**Your assignment:** Using only the entries below, copy exactly the lines that begin at the one with "En passant target" and end at the one with "An aerial image. It shows: Man-made pier.", both included. Drop the pictures.

** Data follows **

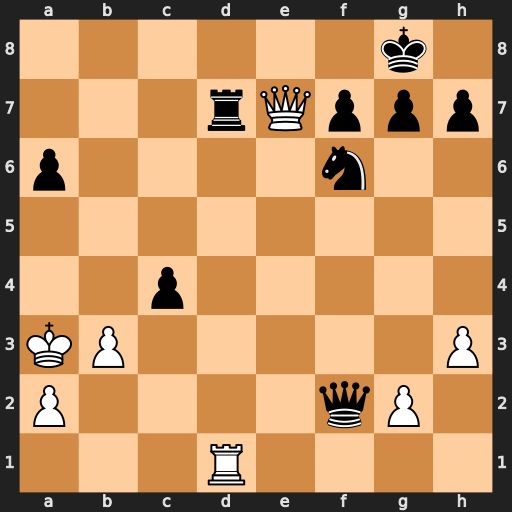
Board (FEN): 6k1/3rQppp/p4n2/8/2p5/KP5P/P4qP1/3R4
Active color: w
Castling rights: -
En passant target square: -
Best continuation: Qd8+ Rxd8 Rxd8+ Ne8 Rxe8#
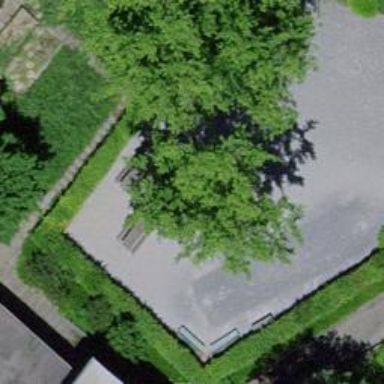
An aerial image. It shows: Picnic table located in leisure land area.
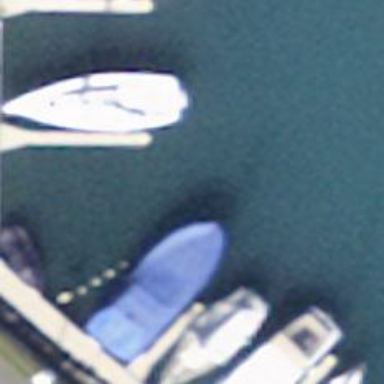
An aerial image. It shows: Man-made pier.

** End of Data **
** Data follows **

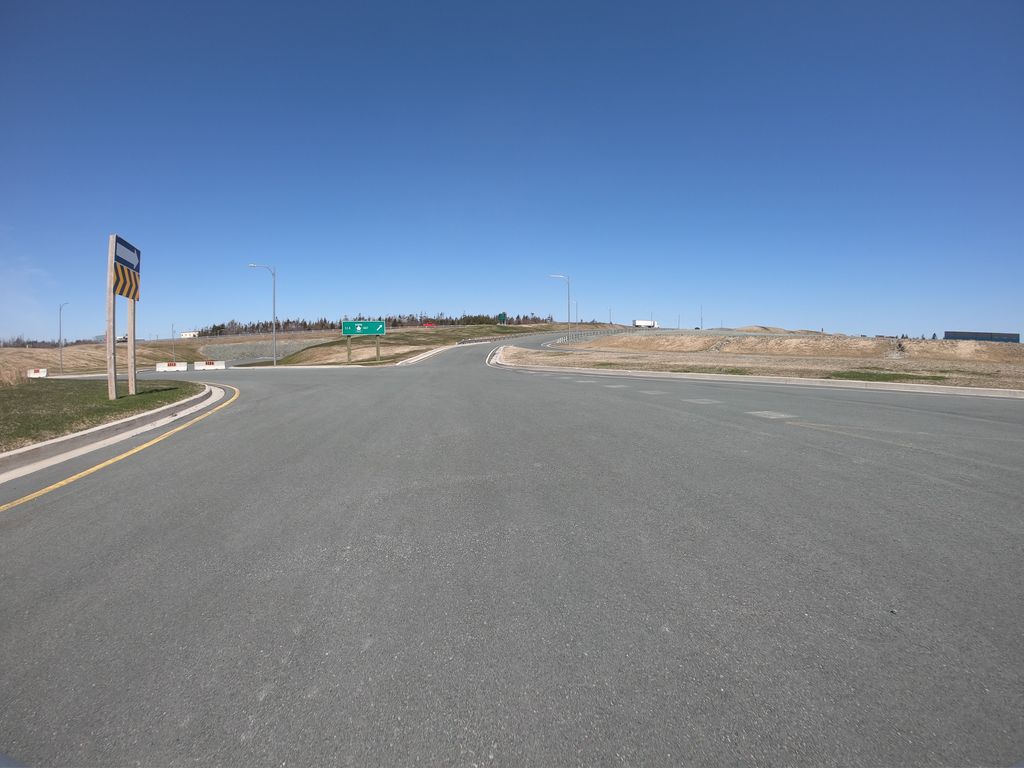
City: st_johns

** End of Data **

**Expected answer:**
En passant target square: -
Best continuation: Qd8+ Rxd8 Rxd8+ Ne8 Rxe8#
An aerial image. It shows: Picnic table located in leisure land area.
An aerial image. It shows: Man-made pier.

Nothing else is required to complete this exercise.